> Saved entries:
((
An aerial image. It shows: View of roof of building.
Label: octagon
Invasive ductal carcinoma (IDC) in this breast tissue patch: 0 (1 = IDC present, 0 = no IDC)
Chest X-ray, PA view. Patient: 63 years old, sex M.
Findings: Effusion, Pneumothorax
))
((
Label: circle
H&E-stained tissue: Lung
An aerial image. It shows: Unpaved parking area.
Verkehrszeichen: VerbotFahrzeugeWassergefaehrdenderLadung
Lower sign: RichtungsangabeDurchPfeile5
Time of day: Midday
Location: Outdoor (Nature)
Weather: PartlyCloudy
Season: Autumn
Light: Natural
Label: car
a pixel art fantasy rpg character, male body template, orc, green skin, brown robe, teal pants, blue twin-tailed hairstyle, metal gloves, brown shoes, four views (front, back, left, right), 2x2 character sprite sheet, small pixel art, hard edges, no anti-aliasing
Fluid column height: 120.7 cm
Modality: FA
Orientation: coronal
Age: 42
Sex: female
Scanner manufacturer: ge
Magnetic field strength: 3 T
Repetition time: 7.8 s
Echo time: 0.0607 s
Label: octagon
))
> HOW TO COMPLETE THIS TASK: The stretch of entries above that starts with the line containing "An aerial image. It shows: View" and goes on through the line containing "Findings: Effusion, Pneumothorax" is to be transcribed exactly, and no other line is to be transcribed.

> YOUR SOLUTION:
An aerial image. It shows: View of roof of building.
Label: octagon
Invasive ductal carcinoma (IDC) in this breast tissue patch: 0 (1 = IDC present, 0 = no IDC)
Chest X-ray, PA view. Patient: 63 years old, sex M.
Findings: Effusion, Pneumothorax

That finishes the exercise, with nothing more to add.